October 2, 1872 -
It's Phileas Fogg Wager Day. This unofficial holiday celebrates the wager that set out one of the world's most famous adventure in motion.
In the Jules Verne book, Around the World In 80 Days, Phileas Fogg, the main character of the 1873 novel, makes a wager of 20,000 pounds to circumnavigate the Earth in 80 days on this date.
October 2, 1955 -
Revenge, the very first story on the Alfred Hitchcock Presents show premieres on this date.
Alfred Hitchcock drew the silhouette of himself featured in the opening credits. He began his film career as an illustrator of title cards for silent movies.
October 2, 1957 -
The World War II drama The Bridge on the River Kwai, directed by David Lean, and starring William Holden, Alec Guinness, Jack Hawkins, and Sessue Hayakawa, premiered in Britain, on this date.
The elephants employed in helping build the bridge would take breaks every four hours and lie around in the water--whether the crew wanted them to or not.
October 2, 1959 -
...a dimension not only of sight and sound but of mind....
Where is Everybody? the first episode of the anthology series The Twilight Zone premiered on this date
The scene where Mike Ferris becomes trapped in the telephone booth was based on an incident that happened to Rod Serling.
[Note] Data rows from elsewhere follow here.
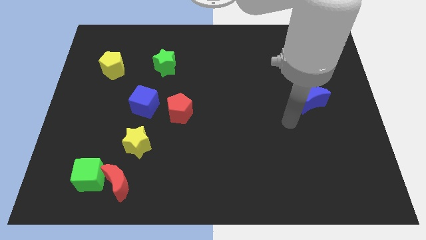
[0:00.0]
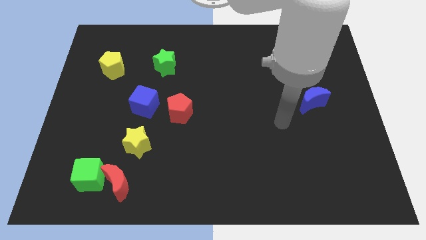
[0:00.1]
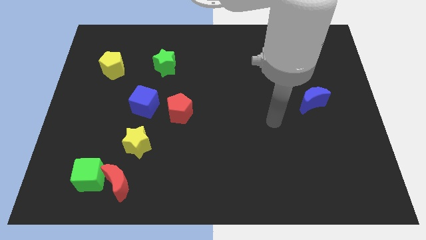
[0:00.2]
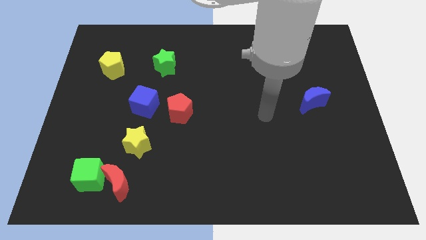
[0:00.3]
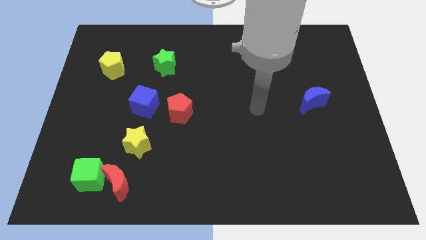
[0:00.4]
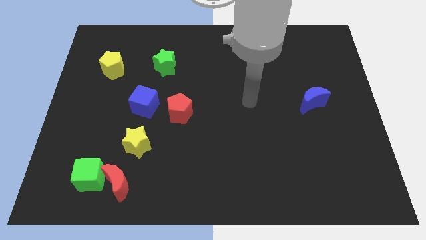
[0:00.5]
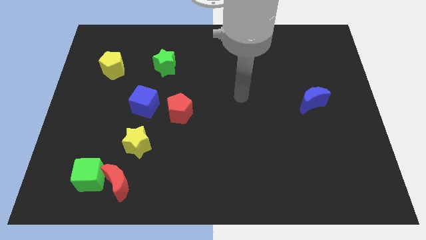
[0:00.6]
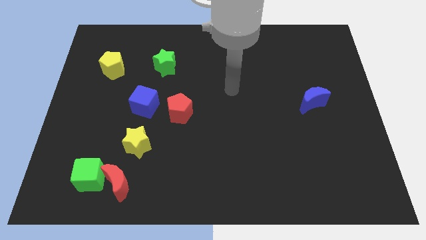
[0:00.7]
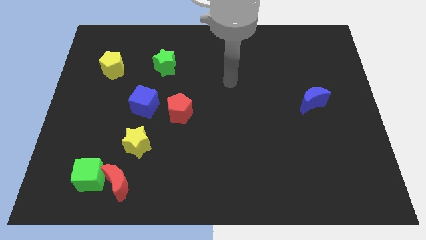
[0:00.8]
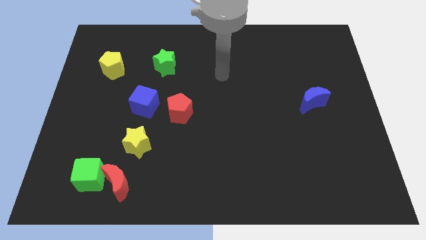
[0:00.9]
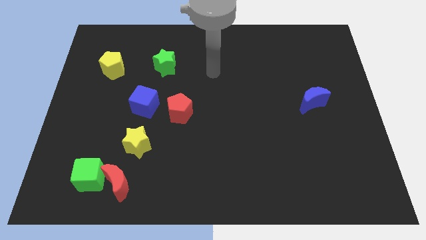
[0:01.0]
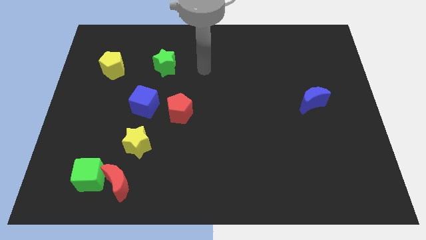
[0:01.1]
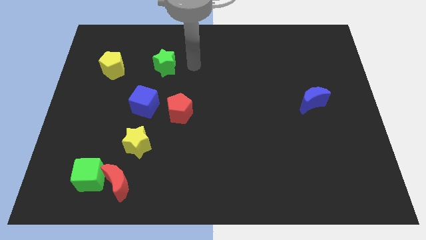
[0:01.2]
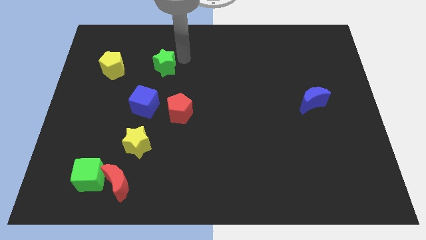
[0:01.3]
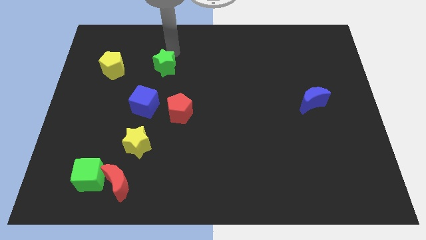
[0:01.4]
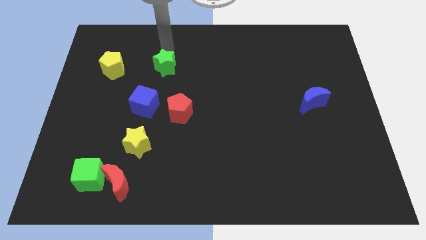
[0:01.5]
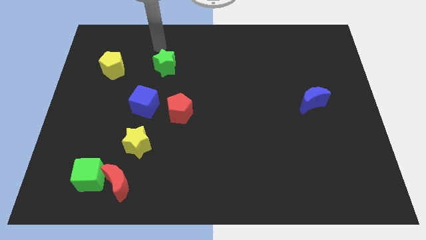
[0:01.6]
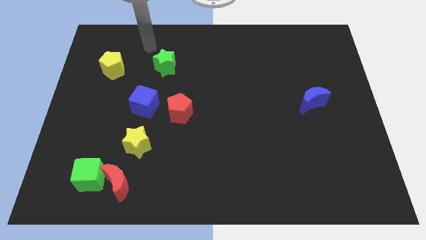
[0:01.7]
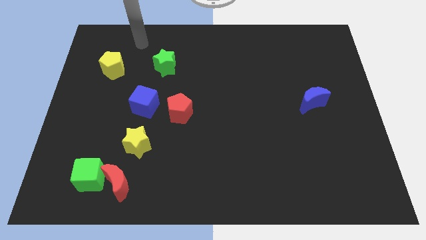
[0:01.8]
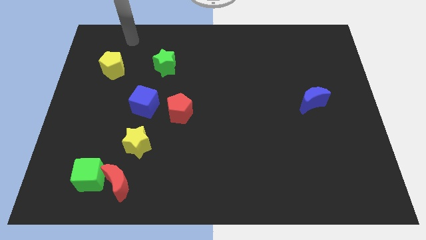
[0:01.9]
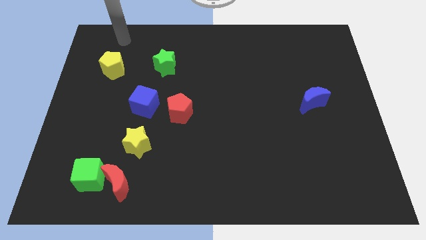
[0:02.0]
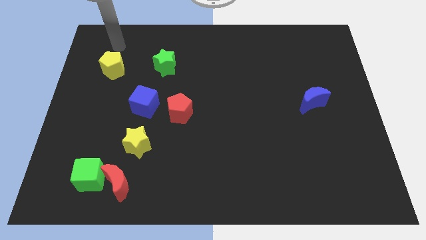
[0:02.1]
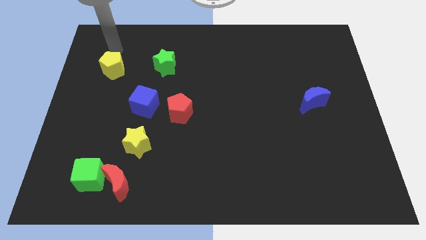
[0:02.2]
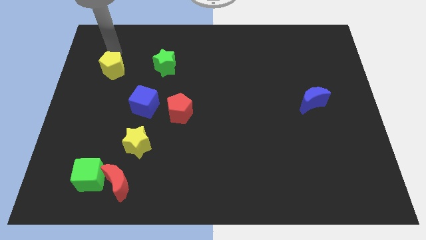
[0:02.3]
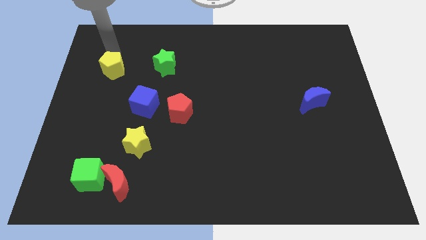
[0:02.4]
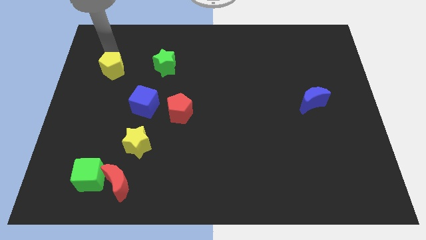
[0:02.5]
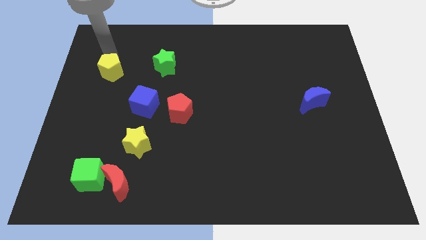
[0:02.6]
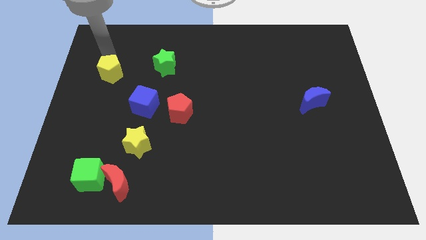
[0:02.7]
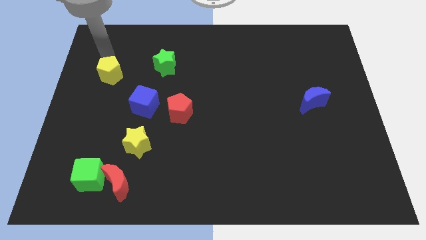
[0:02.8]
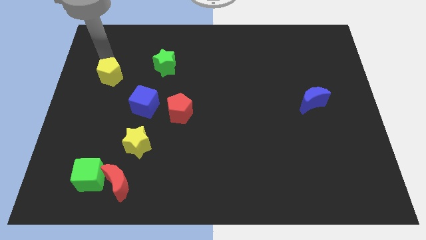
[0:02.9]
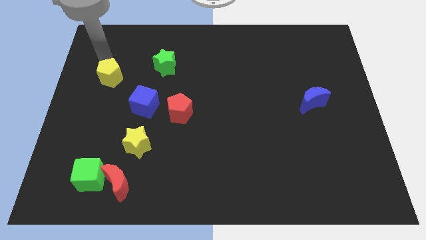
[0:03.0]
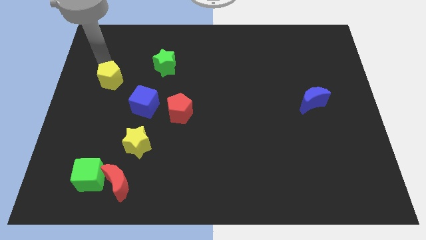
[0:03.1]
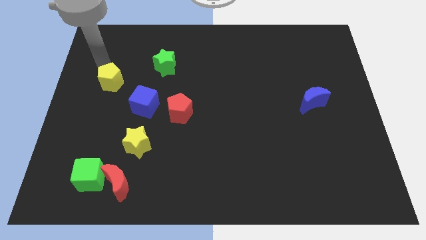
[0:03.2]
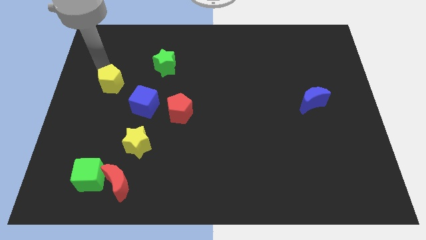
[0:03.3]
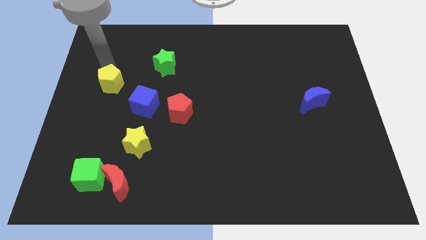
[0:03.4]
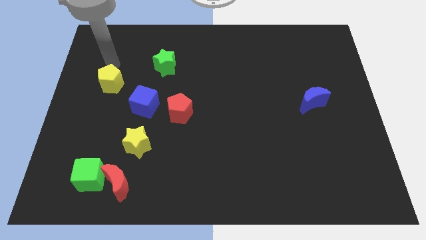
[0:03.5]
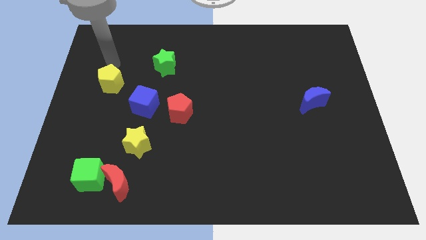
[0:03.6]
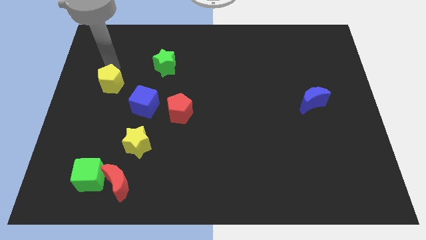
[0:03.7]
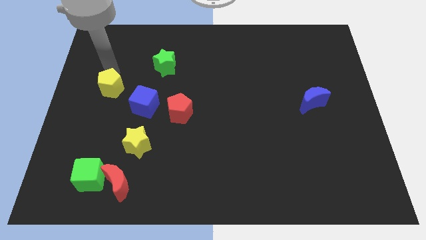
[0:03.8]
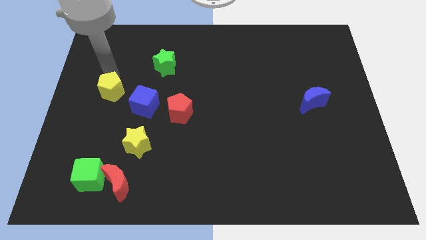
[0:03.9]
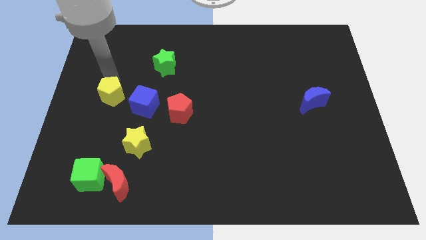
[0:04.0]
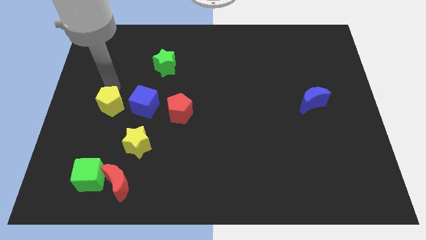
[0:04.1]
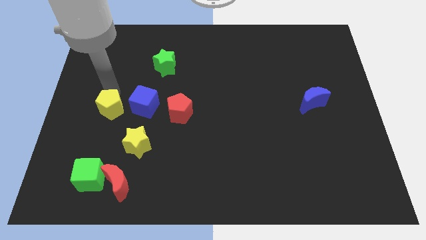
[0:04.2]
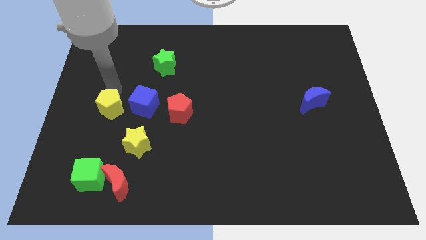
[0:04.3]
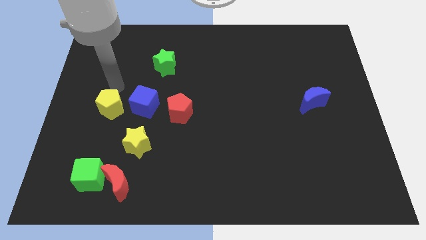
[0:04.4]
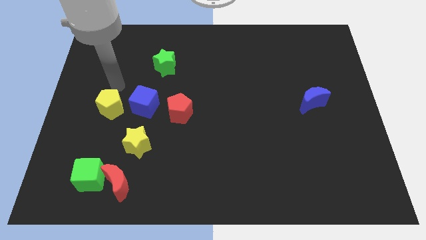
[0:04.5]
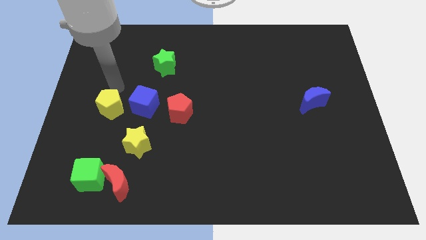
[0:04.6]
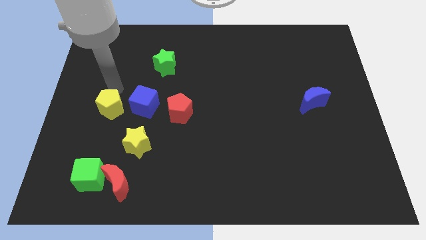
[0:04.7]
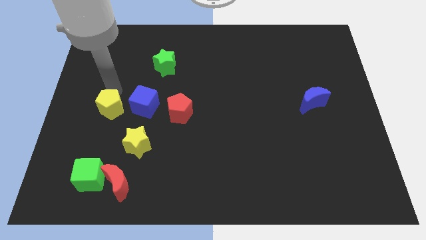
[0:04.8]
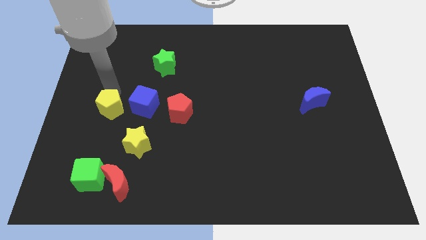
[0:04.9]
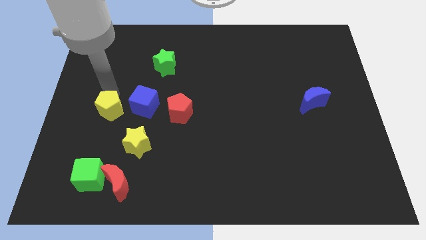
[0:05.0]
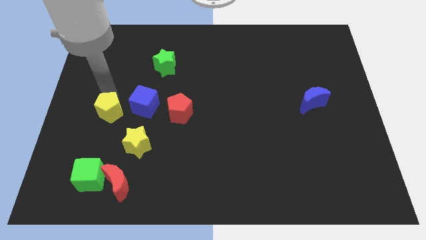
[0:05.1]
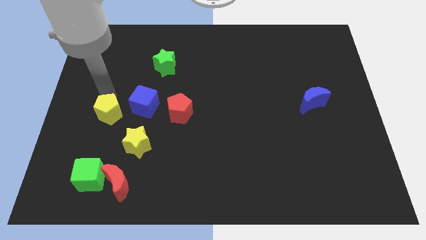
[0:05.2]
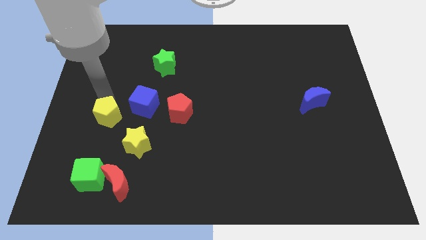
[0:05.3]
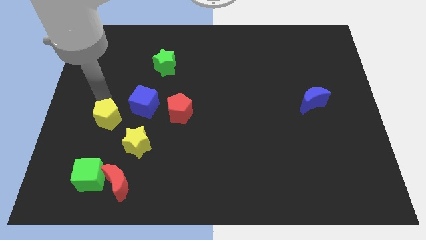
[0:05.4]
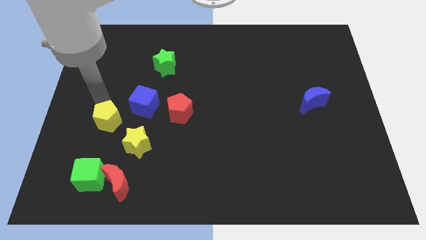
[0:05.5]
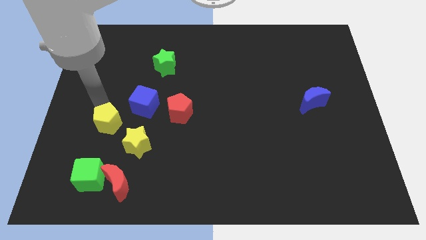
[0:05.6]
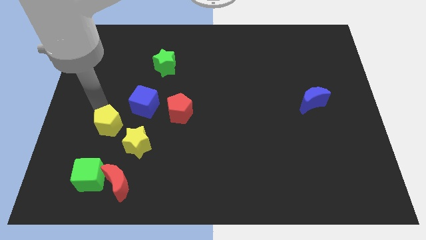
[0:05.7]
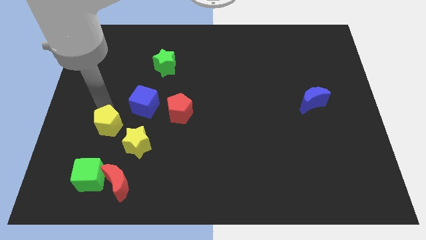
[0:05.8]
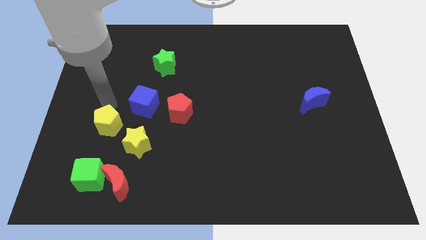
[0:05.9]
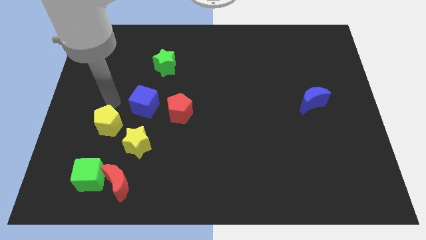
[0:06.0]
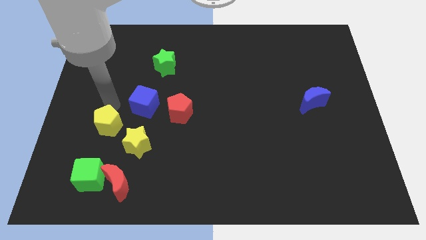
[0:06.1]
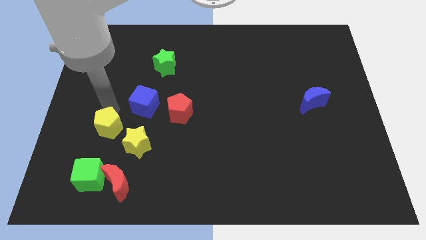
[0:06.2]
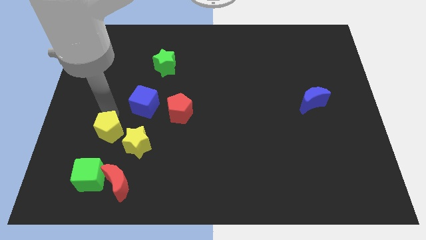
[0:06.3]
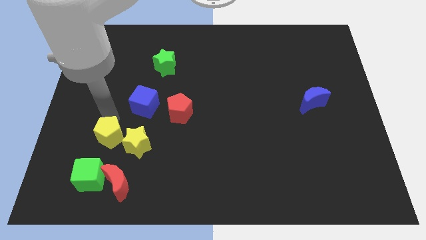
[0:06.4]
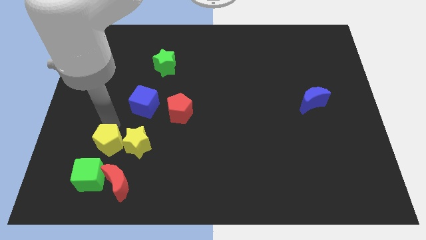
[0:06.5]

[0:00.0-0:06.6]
push the yellow pentagon to the top left side of the red moon

Serling recounted that he was at an airport making a phone call when he heard the boarding call for his flight over the intercom. Hastily trying to get out of the booth, he started pushing on the door, forgetting in his panic that phone booths are opened by *pulling* on the door handle. Serling waved down a passerby for help, and the man kicked in the door. Though Serling found his mental lapse humiliating, he incorporated it into this episode.
October 2, 1976 -
Try with a little help from my friends
John Belushi came out on stage with Joe Cocker while he was performing on Saturday Night Live on this date.
October 2, 1985 -
... They all went to heaven in a little row boat.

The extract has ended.